Désormais bloqués à Subotica, ces Orientaux sont perplexes, ils ne s’attendaient visiblement pas à cette situation. Ils veulent arriver au moins en Autriche, mais ils n’ont plus d’argent pour payer les passeurs, qui demandent 1000 à 3 000 euros pour aller jusqu’à Vienne. "Si on avait cette somme, on y serait déjà. "En racontant leurs tentatives infructueuses de passer en Hongrie, ils laissent libre cours à leur désespoir. "Tu voudrais dormir ici, toi ?" me demandent-ils en montrant les racines d’arbre qui sortent du sol. "Ça ne peut pas continuer comme ça ! Je n’ai pas voulu venir ici, mais j’y ai été obligé. La nuit dernière, vingt personnes ont dormi sur ce sentier étroit ! Moi, je ne veux pas dormir là ! Pourquoi n’y a-t-il pas un gouvernement ou une ONG pour nous aider ?"

Les tensions sont tangibles entre les réfugiés : les Asiatiques en veulent aux Arabes vivant de l’autre côté du fleuve, persuadés que "ce sont eux qui attirent les ennuis et les policiers". Dans la forêt, de leur côté, les Libyens se plaignent des policiers. "Si tu en croises un en ville, il t’attrape dit Mohamed tout en se balançant dans son hamac. Si tu ne lui donnes pas 20 euros, il te refoule en Macédoine." "Police, big problem", répètent en choeur les autres Libyens.
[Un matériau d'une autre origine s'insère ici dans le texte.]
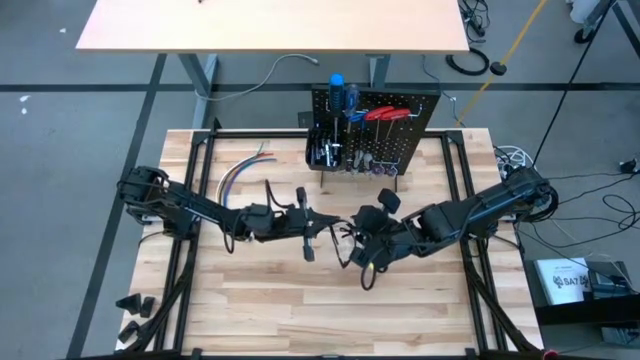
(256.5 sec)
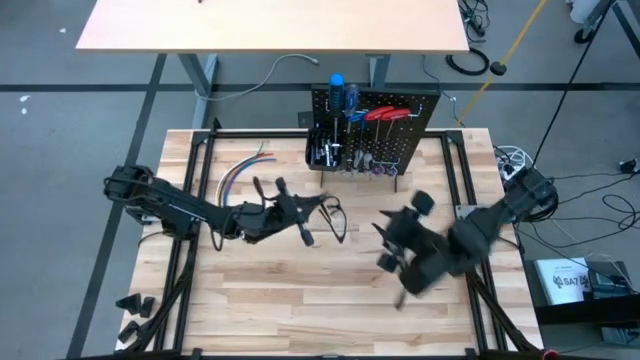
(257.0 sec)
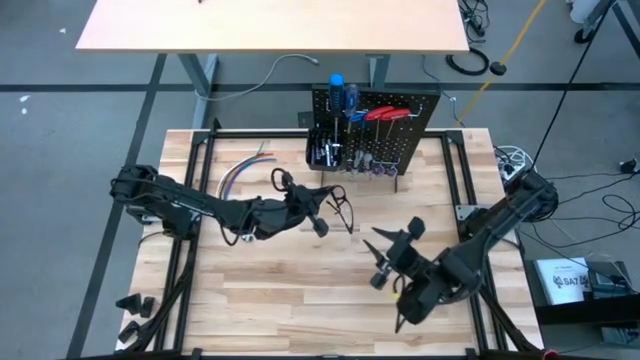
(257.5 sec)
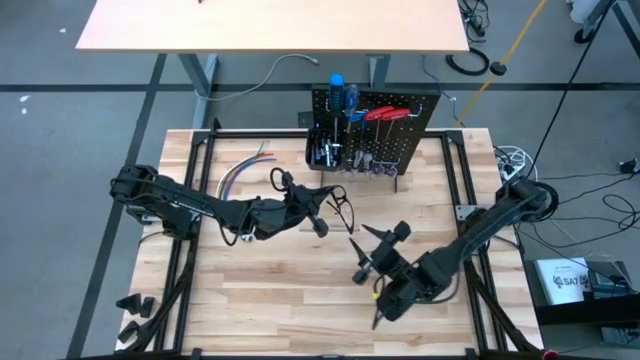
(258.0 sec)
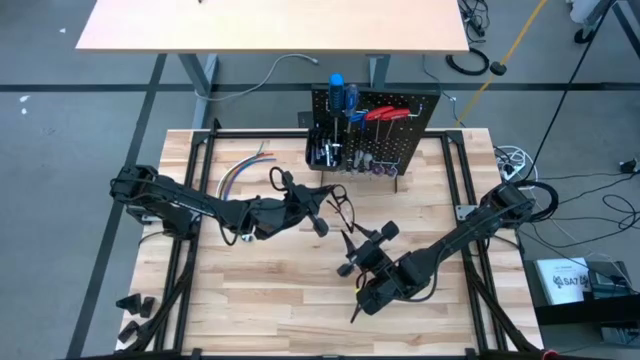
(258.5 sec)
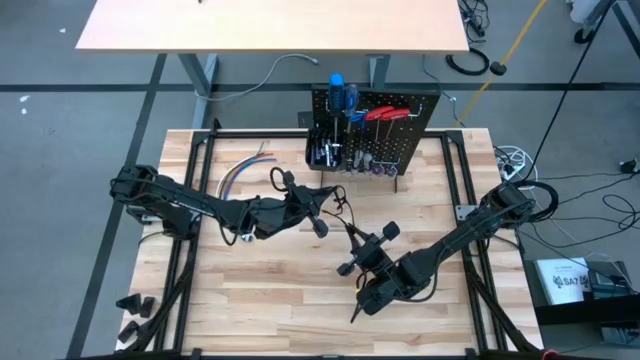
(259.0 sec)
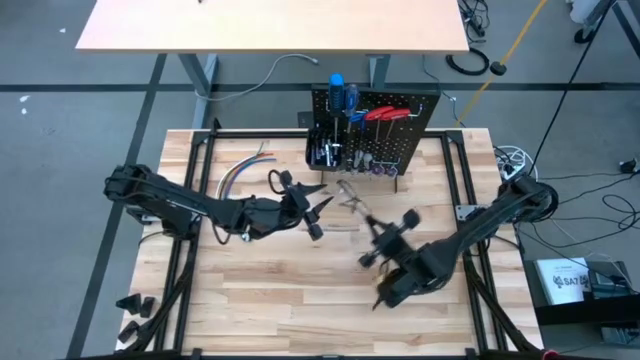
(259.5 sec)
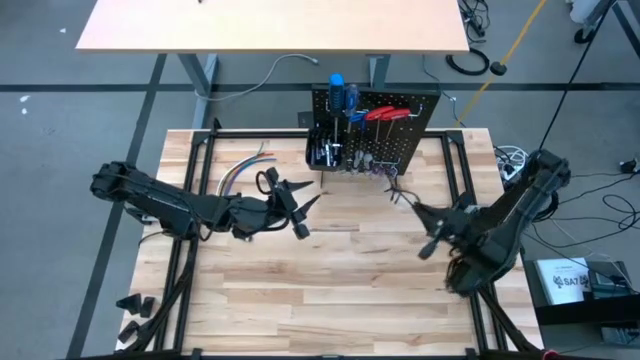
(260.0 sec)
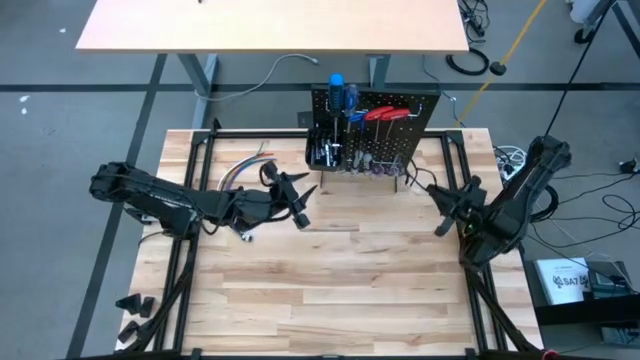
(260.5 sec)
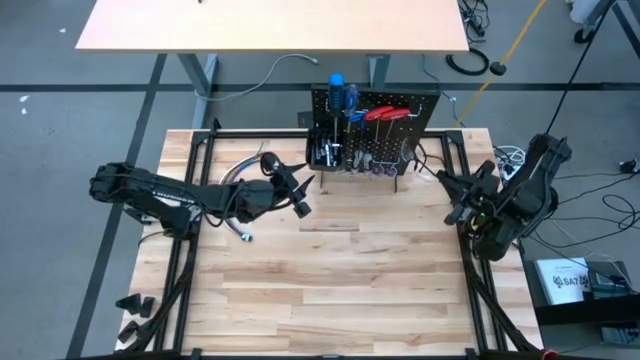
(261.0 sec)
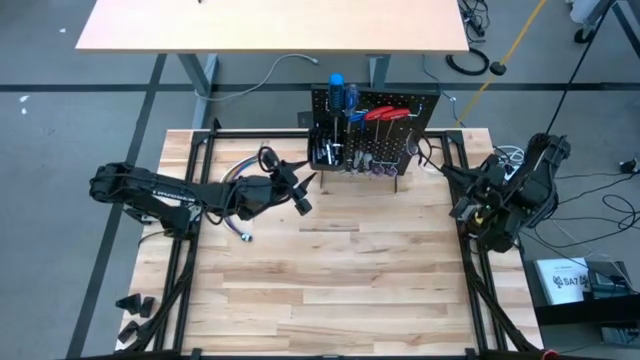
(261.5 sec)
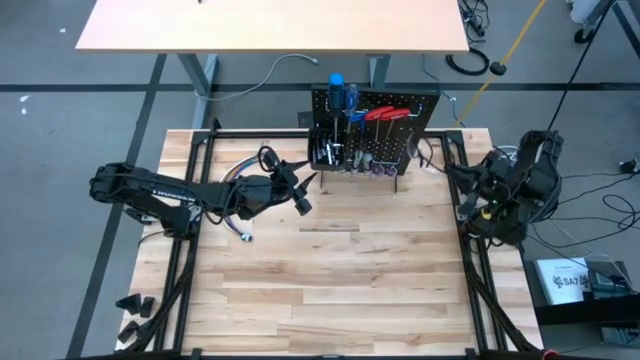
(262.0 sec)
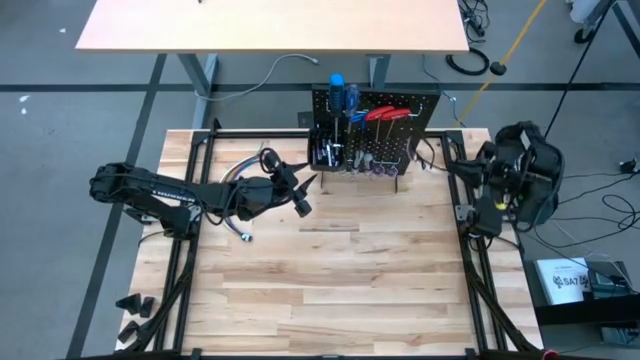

La Libye c’est fini disent-ils. Ils ont fui Tripoli il y a déjà six mois, ce sont des partisans de l’ancien dictateur. Kadhafi, répètent-ils, et ils nous font comprendre par des gestes que le chef libyen avait de la poigne. Ils ne croient pas que la démocratie s’installe en Libye ou en Tunisie. Ils veulent faire carrière comme électriciens, pizzaïolos ou chauffeurs de taxi et affirment qu’ils ne retourneront jamais en Afrique.